▶ _Required action_
For this exercise, reproduce the entries below exactly, but only from the line containing "and causal and" through the line containing "1. Number of alleged fatalities, if any; and", both included.

▶ _Task input_
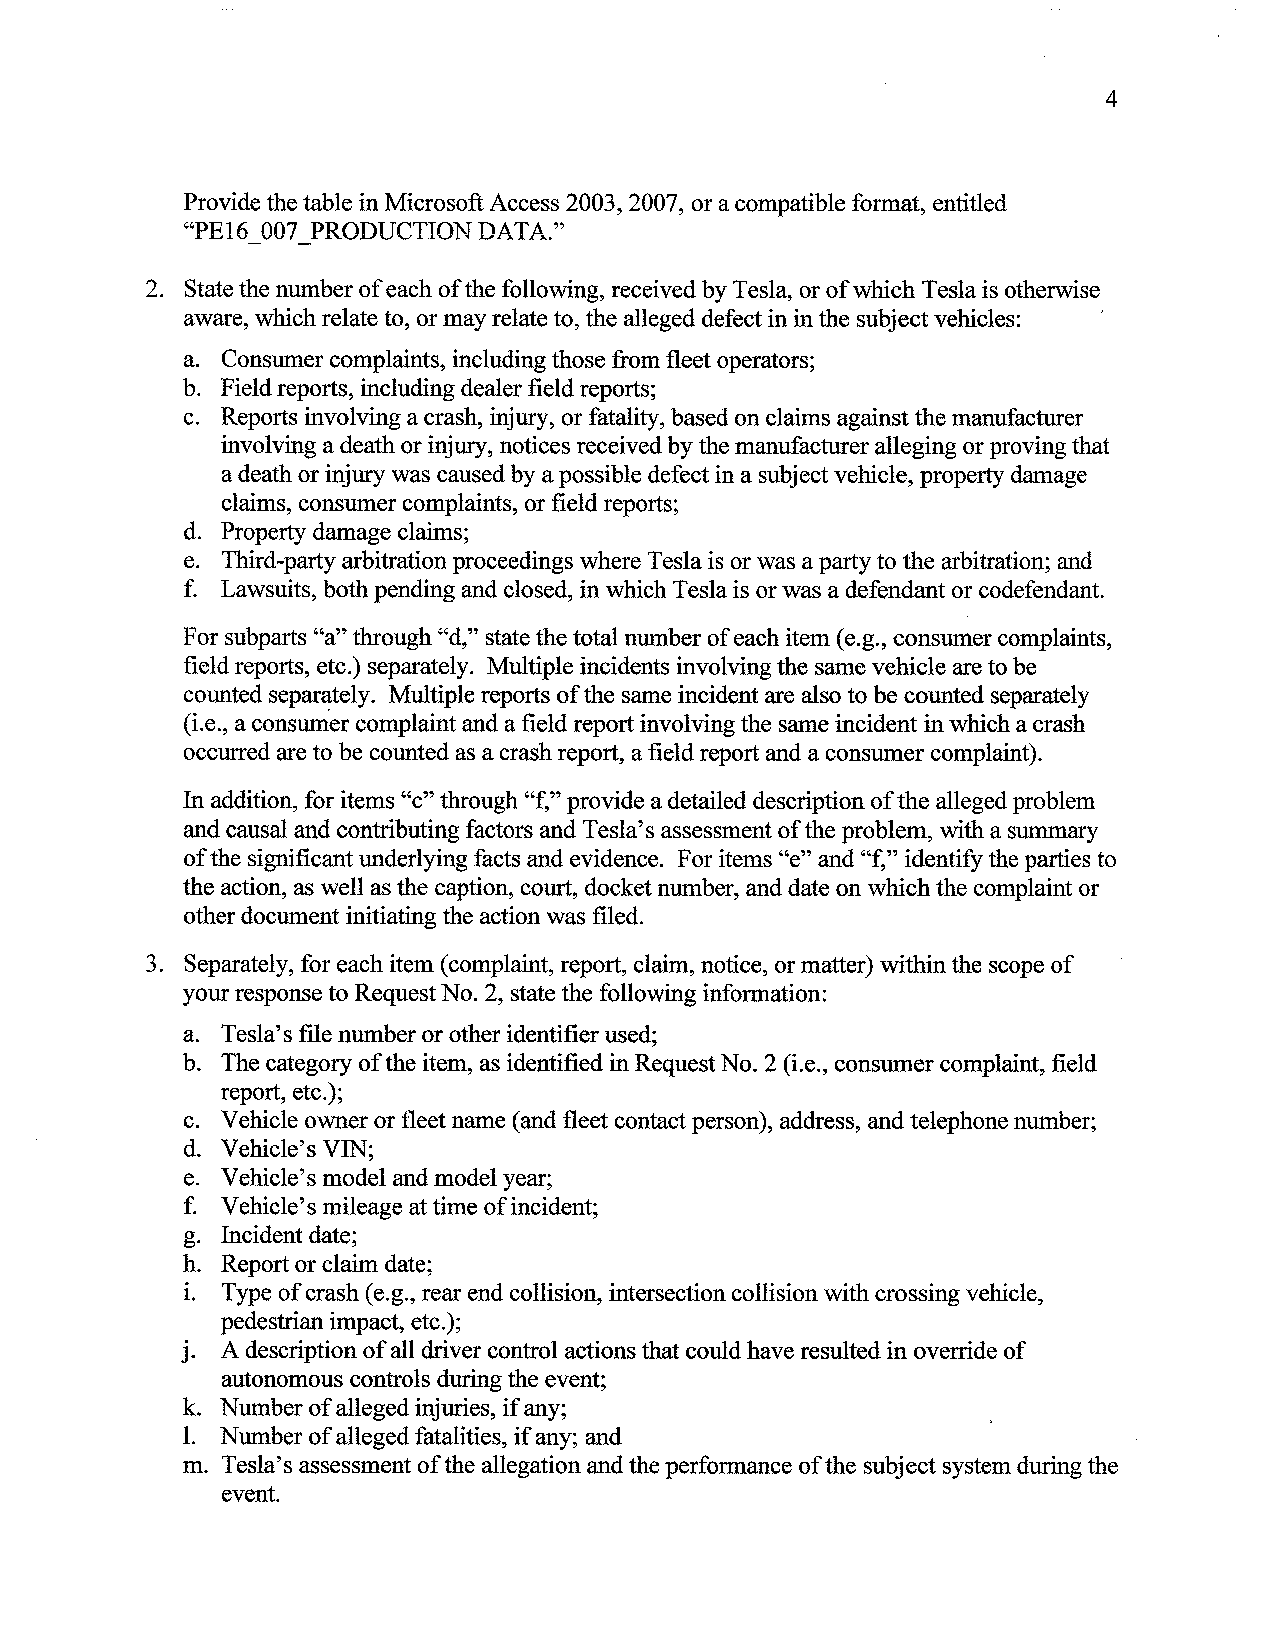
4
 Provide the table in Microsoft Access 2003, 2007, or a compatible format, entitled
 "PE16 007 PRODUCTION DATA."
 2. State the number of each of the following, received by Tesla, or of which Tesla is otherwise
 aware, which relate to, or may relate to, the alleged defect in in the subject vehicles:
 a. Consumer complaints, including those from fleet operators;
 b. Field reports, including dealer field reports;
 c. Reports involving a crash, injury, or fatality, based on claims against the manufacturer
 involving a death or injury, notices received by the manufacturer alleging or proving that
 a death or injury was caused by a possible defect in a subject vehicle, property damage
 claims, consumer complaints, or field reports;
 d. Property damage claims;
 e. Third-party arbitration proceedings where Tesla is or was a party to the arbitration; and
 f. Lawsuits, both pending and closed, in which Tesla is or was a defendant or codefendant.
 For subparts "a" through "d," state the total number of each item (e.g., consumer complaints,
 field reports, etc.) separately. Multiple incidents involving the same vehicle are to be
 counted separately. Multiple reports of the same incident are also to be counted separately
 (i.e., a consumer complaint and a field report involving the same incident in which a crash
 occurred are to be counted as a crash report, a field report and a consumer complaint).
 In addition, for items "c" through "f," provide a detailed description of the alleged problem
 and causal and contributing factors and Tesla's assessment of the problem, with a summary
 of the significant underlying facts and evidence. For items "e" and "f," identify the parties to
 the action, as well as the caption, court, docket number, and date on which the complaint or
 other document initiating the action was filed.
 3. Separately, for each item (complaint, report, claim, notice, or matter) within the scope of
 your response to Request No. 2, state the following information:
 a. Tesla's file number or other identifier used;
 b. The category of the item, as identified in Request No. 2 (i.e., consumer complaint, field
 report, etc.);
 c. Vehicle owner or fleet name (and fleet contact person), address, and telephone number;
 d. Vehicle's VIN;
 e. Vehicle's model and model year;
 f. Vehicle's mileage at time of incident;
 g. Incident date;
 h. Report or claim date;
 1. Type of crash (e.g., rear end collision, intersection collision with crossing vehicle,
 pedestrian impact, etc.);
 J. A description of all driver control actions that could have resulted in override of
 autonomous controls during the event;
 k. Number of alleged injuries, if any;
 1. Number of alleged fatalities, if any; and
 m. Tesla's assessment of the allegation and the performance of the subject system during the
 event.
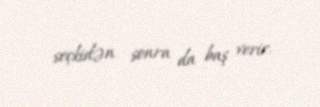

▶ _Your solution_
 and causal and contributing factors and Tesla's assessment of the problem, with a summary
 of the significant underlying facts and evidence. For items "e" and "f," identify the parties to
 the action, as well as the caption, court, docket number, and date on which the complaint or
 other document initiating the action was filed.
 3. Separately, for each item (complaint, report, claim, notice, or matter) within the scope of
 your response to Request No. 2, state the following information:
 a. Tesla's file number or other identifier used;
 b. The category of the item, as identified in Request No. 2 (i.e., consumer complaint, field
 report, etc.);
 c. Vehicle owner or fleet name (and fleet contact person), address, and telephone number;
 d. Vehicle's VIN;
 e. Vehicle's model and model year;
 f. Vehicle's mileage at time of incident;
 g. Incident date;
 h. Report or claim date;
 1. Type of crash (e.g., rear end collision, intersection collision with crossing vehicle,
 pedestrian impact, etc.);
 J. A description of all driver control actions that could have resulted in override of
 autonomous controls during the event;
 k. Number of alleged injuries, if any;
 1. Number of alleged fatalities, if any; and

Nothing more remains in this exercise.